Contact interaction treatment of the nucleon Faddeev equation
Xin-Yu Bai, Ya Lu, Zhao-Qian Yao, Craig D. Roberts, Sebastian M. Schmidt
TL;DR
This work develops a symmetry-preserving, vector⊗vector contact-interaction (SCI) framework to solve the three-body nucleon Faddeev equation at leading rainbow-ladder order, yielding algebraic tractability while preserving essential QCD symmetries. The SCI formulation reveals that scalar diquark (MA) and axialvector diquark (MS) correlations jointly shape the nucleon’s bound-state amplitude, which simplifies to three independent expansion coefficients under S$_3$ symmetry. Electromagnetic form factors are computed from a conserved current, with flavour-separated contributions providing insight into the roles of up and down quarks; comparisons with realistic QCD-connected 3-body results show similar $Q^2\to0$ behavior but considerably stiffer $Q^2$-evolution in SCI, highlighting sensitivity to hadron mass generation mechanisms.

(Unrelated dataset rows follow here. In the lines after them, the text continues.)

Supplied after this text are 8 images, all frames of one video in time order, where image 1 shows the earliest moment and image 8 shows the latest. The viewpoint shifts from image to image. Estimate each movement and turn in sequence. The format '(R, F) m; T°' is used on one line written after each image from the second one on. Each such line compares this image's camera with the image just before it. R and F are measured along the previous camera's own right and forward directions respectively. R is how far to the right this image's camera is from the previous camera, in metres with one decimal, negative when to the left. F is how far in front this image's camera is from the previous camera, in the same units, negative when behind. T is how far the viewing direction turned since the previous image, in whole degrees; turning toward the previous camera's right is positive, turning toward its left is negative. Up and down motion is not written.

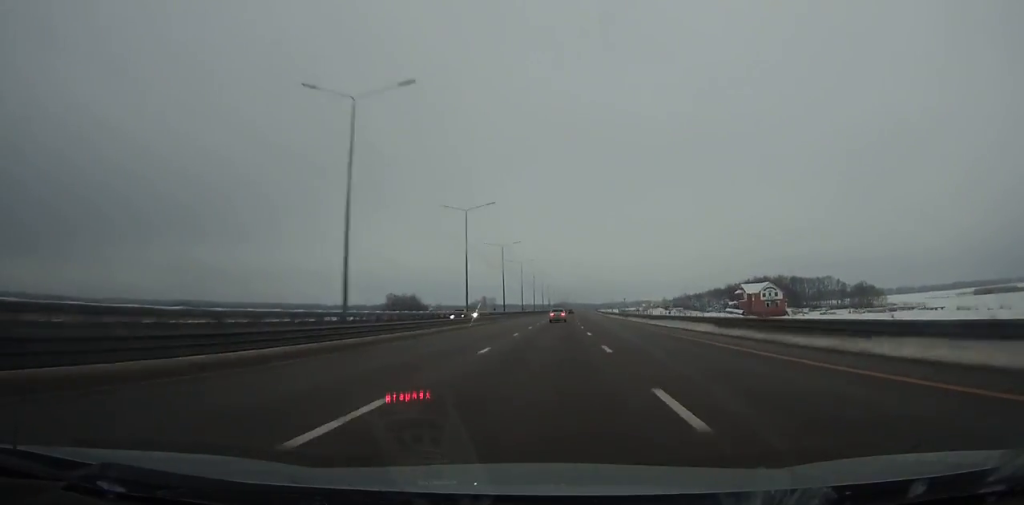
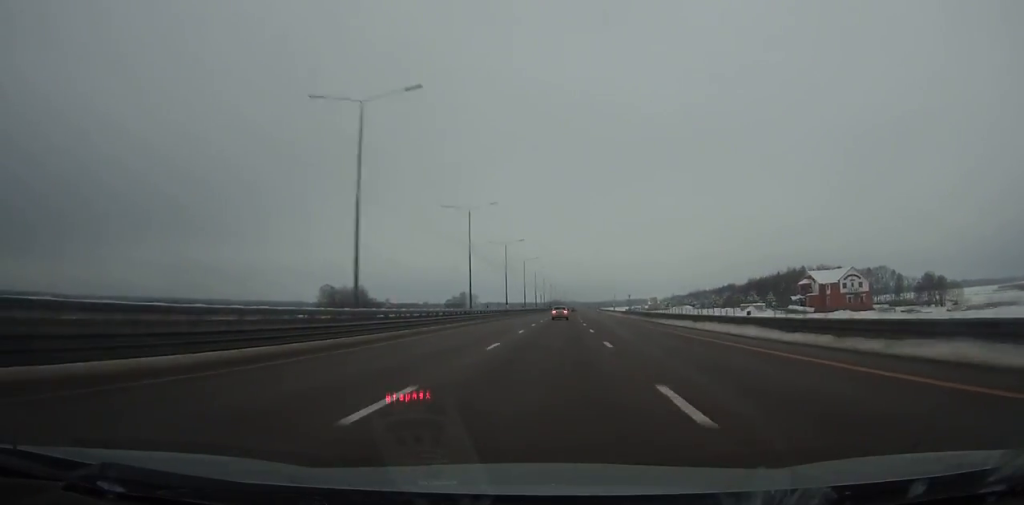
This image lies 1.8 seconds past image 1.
(0.0, +57.1) m; +1°
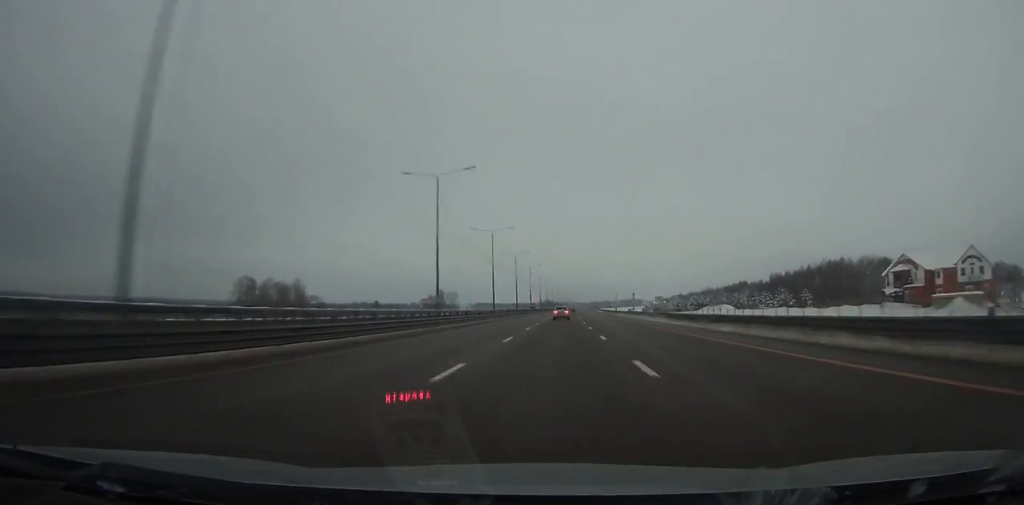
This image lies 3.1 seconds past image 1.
(+0.6, +41.8) m; +1°
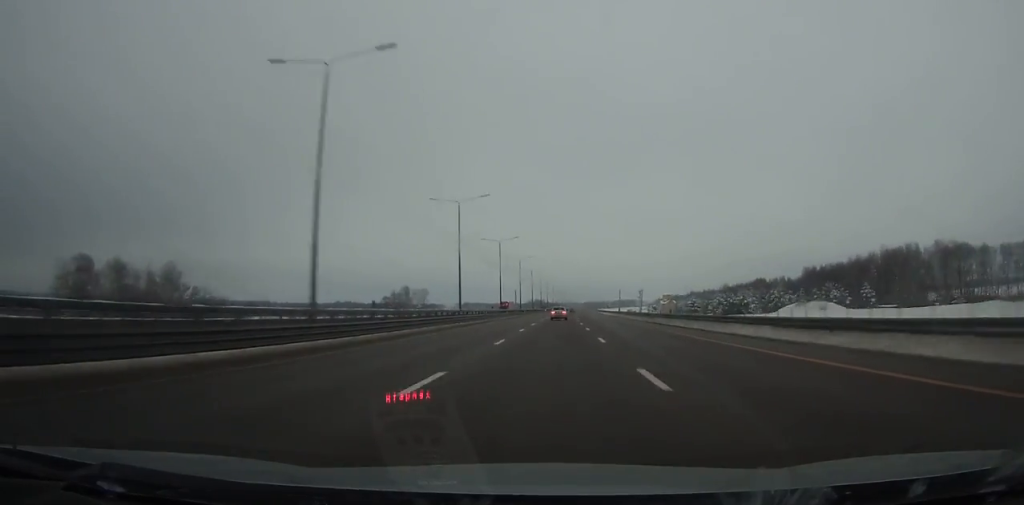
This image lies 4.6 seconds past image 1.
(+0.1, +48.3) m; +1°
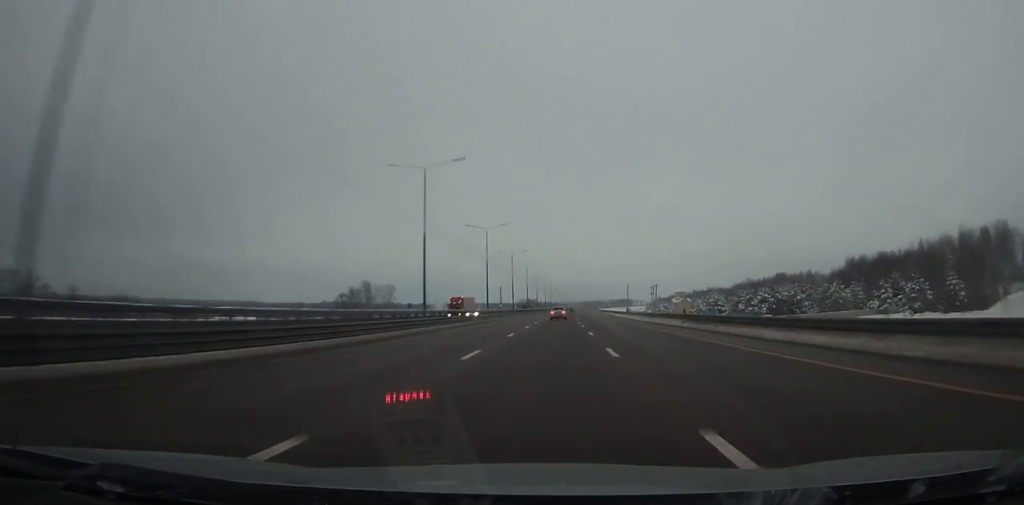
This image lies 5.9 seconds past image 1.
(+0.5, +42.2) m; +1°
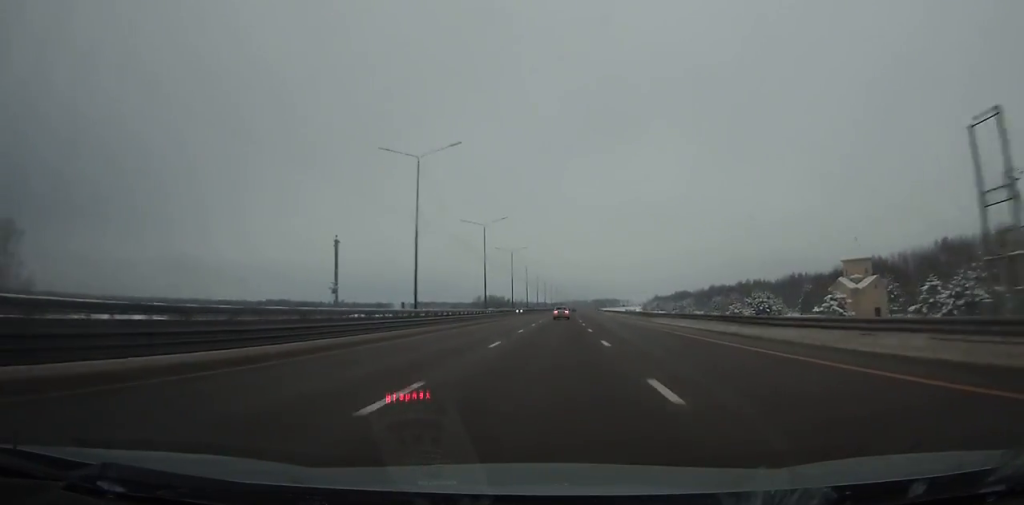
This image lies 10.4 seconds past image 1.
(+2.4, +147.5) m; +2°
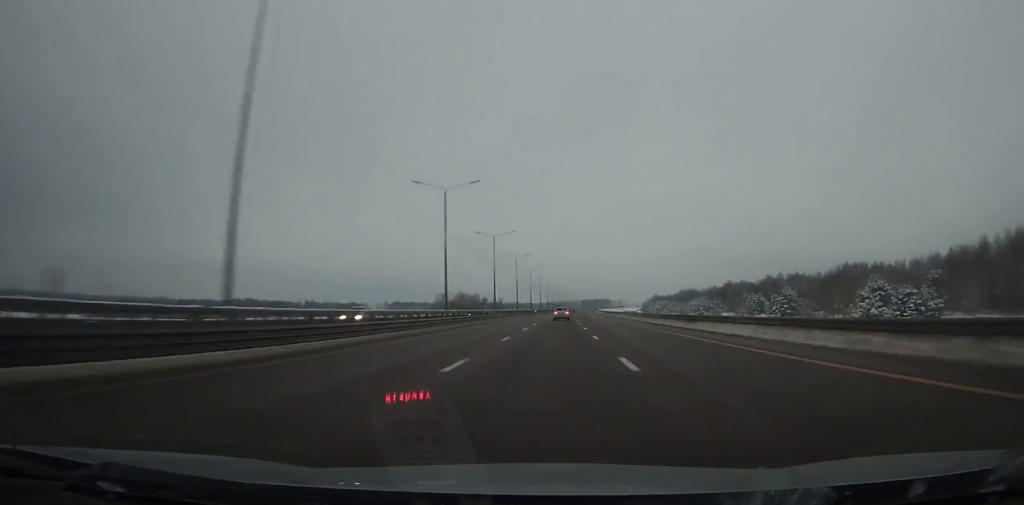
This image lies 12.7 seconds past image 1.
(+0.8, +76.2) m; +1°
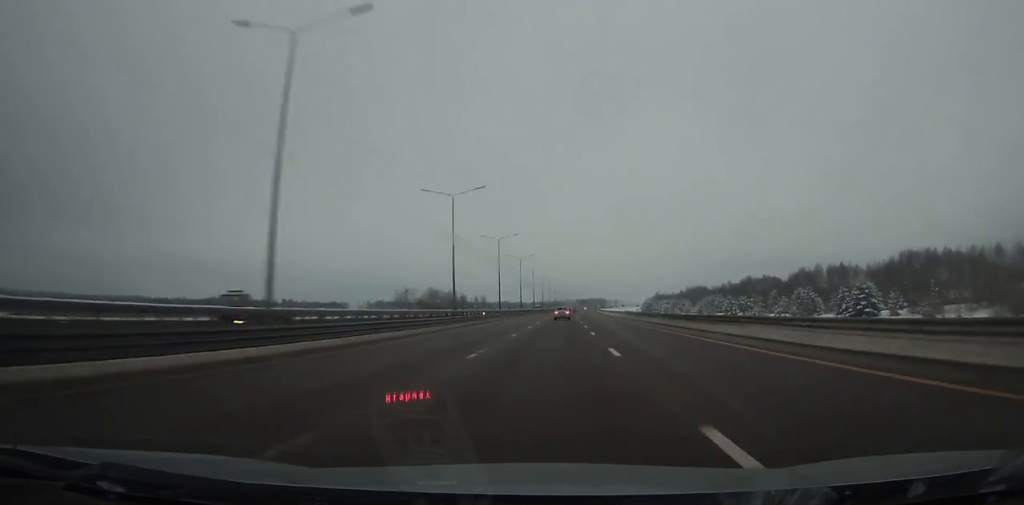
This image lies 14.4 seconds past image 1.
(+0.3, +56.6) m; +1°

The study identifies clear avenues for improvement and extension, including SU(3) octet/baryon analyses and semileptonic transitions, to sharpen understanding of emergent hadron mass and to benchmark more sophisticated continuum approaches.
Abstract
Working with a symmetry-preserving treatment of a vector $\otimes$ vector contact interaction (SCI), a largely algebraic three-body Faddeev equation treatment of the nucleon bound state problem is introduced and used to deliver results for all nucleon charge and magnetisation distributions and their flavour separation. A strength of the SCI treatment is that it provides for a transparent understanding of this three-body approach to developing predictions for baryon observables. Comparisons of SCI results with predictions obtained in realistic-interaction Faddeev equation studies reveal the sensitivities of given observable to phenomena associated with the emergence of hadron mass.